The PBL deal is said to be extremely tax effective, and there is speculation the group will use the funds to chase acquisitions in the media and gaming sector. Mooted targets include John Fairfax Holdings, publisher of The Australian Financial Review, and gaming giant Tabcorp.
However, some analysts believe that PBL will use the money to bolster the Asian gaming venture with the Hong Kong Stock Exchange-listed Melco after their proposed listing of a strategic stake in the venture on the Nasdaq was blocked by Hong Kong regulators.
PBL also proposes to build a $US4 billion casino complex in Singapore if it is successful in bidding with Las Vegas gaming-industry pioneer Mark Advent for the second licence being issued by the Singapore government.
However, the speculation that PBL and its new private equity partners would chase acquisitions was not reflected on the stockmarket yesterday.
Media stocks turned in a mixed performance, with WAN, John Fairfax Holdings, Seven Network and Macquarie Media Group rising and Ten Network - which releases its 2005-06 results today - and Southern Cross Broadcasting declining. The share prices of Austereo Group and Rural Press were flat.
The private equity funds appear to be paying top dollar for PBL's media assets.
PBL has previously valued Nine at $2 billion and ACP at $2.7 billion, with a combined valuation of $1.5 billion for its shareholdings in Foxtel and Premier Media Group, $400 million for its 50 per cent share of the internet business ninemsn, $300 million for its Seek stake, $100 million for its share of carsales.com.au and a combined $500 million for Ticketek and its shares in the cinema chain Hoyts and the American movie and TV program producer New Regency.
Yesterday, Macquarie Research Equities analyst Alex Pollak valued Nine at $2.48 billion and ACP at $3.4 billion (he did not run any valuations on PBL's internet and pay TV investments).
At UBS, whose investment banking arm is advising PBL, media analyst Nola Hodgson valued Nine at $2.47 billion, ACP at $2.78 billion, PBL's 27.2 per cent stake in Seek at $379 million, its 25 per cent share of Foxtel at $800 million and its 50 per cent share of the pay TV channel producer Premier Media Group at $596 million.
Analysts and investors praised Mr Packer's move to sell part of PBL's media interests near the top of the market for media stocks.
"His father sold Nine for $1 billion when it was leader of the pack," Clime Capital chairman Roger Montgomery said. "Now James is selling it and a few other things for four times as much and retaining half. He won't have to run it and if someone else works hard and smart and it goes well, he gets the upside.
"If it goes badly, he probably has first right of refusal to buy it back and pocket $2 billion.
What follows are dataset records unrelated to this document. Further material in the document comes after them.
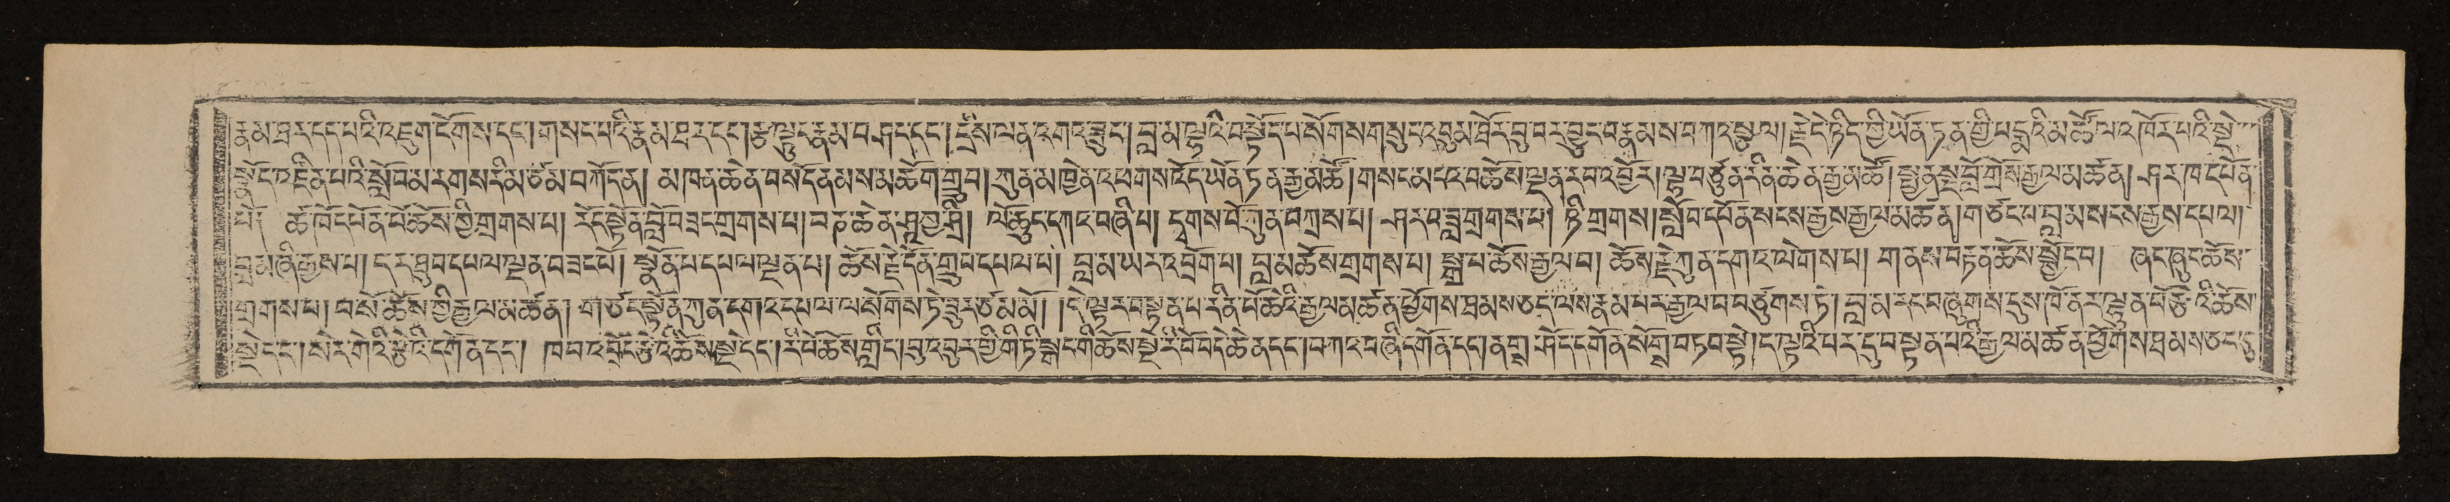རྣམ་ཐར་དད་པའི་འཇུག་དོགས་དང་། གསང་བའི་རྣམ་ཐར་དང་། རྩ་ལྟུང་རྣམ་བཤད་དང་། དྲིས་ལན་འགའ་ཟུང་། བླ་མ་ལྷའི་བསྟོད་པ་སོགས་གསུང་འབུམ་ཐོར་བུ་བར་བྱུང་བ་རྣམས་བཀའ་སྩལ། རྗེ་དེ་ཉིད་ཀྱི་ཡོན་ཏན་གྱི་པདམའི་མཚོ་ལ་འཁོར་བའི་སྡེ་
སྣོད་འཛིན་པའི་སློབ་མ་རགས་རིམ་ཙམ་བཀོད་ན། མཁན་ཆེན་བསོད་ནམས་མཆོག་གྲུབ། ཀུན་མཁྱེན་འཕགས་འོད་ཡོན་ཏན་རྒྱ་མཚོ། གསང་མདའ་བ་ཆོས་ལྡན་རབ་འབྱོར། ལྷ་བཙུན་རིན་ཆེན་རྒྱ་མཚོ། སྤྱན་སྔ་བློ་གྲོས་རྒྱལ་མཚན། ཤར་ཁ་དབོན་
པོ། ཚ་ཁོ་དཔོན་པོ་ཆོས་ཀྱི་གྲགས་པ། རོང་སྟོན་བློ་བཟང་གྲགས་པ། པཎ་ཆེན་ཤཱཀྱ་ཤྲི། ལོ་ཆུང་དཀའ་བཞི་པ། དྭགས་པོ་ཀུན་བཀྲས་པ། ཤར་བཟླ་གྲགས་པ། ཉི་གྲགས། སློབ་དཔོན་སངས་རྒྱས་རྒྱལ་མཚན། གཙང་བ་བླ་མ་སངས་རྒྱས་དཔལ།
བླ་མ་ཞི་རྒྱས་པ། དར་ཐུབ་དཔལ་ལྡན་བཟང་པོ། སྣོན་པ་དཔལ་ལྡན་པ། ཆོས་རྗེ་དོན་གྲུབ་དཔལ་པ། བླ་མ་ཡར་འབྲོག་པ། བླ་མ་ཆོས་གྲགས་པ། སྒྲ་པ་ཆོས་རྒྱལ་བ། ཆོས་རྗེ་ཀུན་དགའ་ལེགས་པ། གནས་བརྟན་ཆོས་སྐྱོང་པ། ཞང་ཞུང་ཆོས་
གྲགས་པ། བ་སོ་ཆོས་ཀྱི་རྒྱལ་མཚན། གཙང་སྟོན་ཀུན་དགའ་དཔལ་ལ་སོགས་ཏེ་ཟུར་ཙམ་མོ། །དེ་ལྟར་བསྟན་པ་རིན་པོ་ཆེའི་རྒྱལ་མཚན་ཕྱོགས་ཐམས་ཅད་ལས་རྣམ་པར་རྒྱལ་བ་བཙུགས་ཏེ། བླ་མ་རང་བཞུགས་དུས་ཁོ་ནར་ལྷུན་པོ་རྩེའི་ཆོས་
སྡེ་དང་། སེང་གེའི་རྩེའི་དགོན་དང་། ཁབ་འབྲོང་རྩེའི་ཆོས་སྡེ་དང་། རི་བོ་ཆོས་གླིང་། བུ་འབུར་གྱི་གི་ཏི་སྒང་གི་ཆོས་སྡེ་རི་བོ་བདེ་ཆེན་དང་། བཀའ་བཞི་དགོན་དང་། ནགས་ཤོད་དགོན་སོགས་བཏབ་སྟེ། ད་ལྟའི་བར་དུ་བསྟན་པའི་རྒྱལ་མཚན་ཕྱོགས་ཐམས་ཅད་དུ་

Brilliant."
A deal with WAN would also allow Mr Stokes to dominate the West Australian media market, given his ownership of Channel Seven in Perth.
Seven views the stake as as a strategic holding, giving it a key position as companies jostle for position as the media sector's ownership restrictions are eased.
Mr Stokes's move will further fuel the rivalry with the Packer family following the death last year of Kerry Packer, and after Mr Stokes made controversial claims about James Packer in Seven's landmark legal case against PBL and its other rivals in the media industry.
A vote in the House of Representatives is expected today following the passage of the media bills through the Senate last week, completing parliamentary approval for the federal government's reforms, which allow media companies to own two out of three mediums - newspapers, television or radio - in the same market.
The government has yet to announce when it will end the existing ownership limits, with the legislation giving the minister the flexibility to name any date in calendar 2008.
Communications Minister Helen Coonan said yesterday: "It is not a matter for the government to dictate how a media company might conduct its affairs.
"The media reform legislation has not yet passed the house so it is pre-emptive to link any planned movement by media companies to legislation that is yet to be enacted."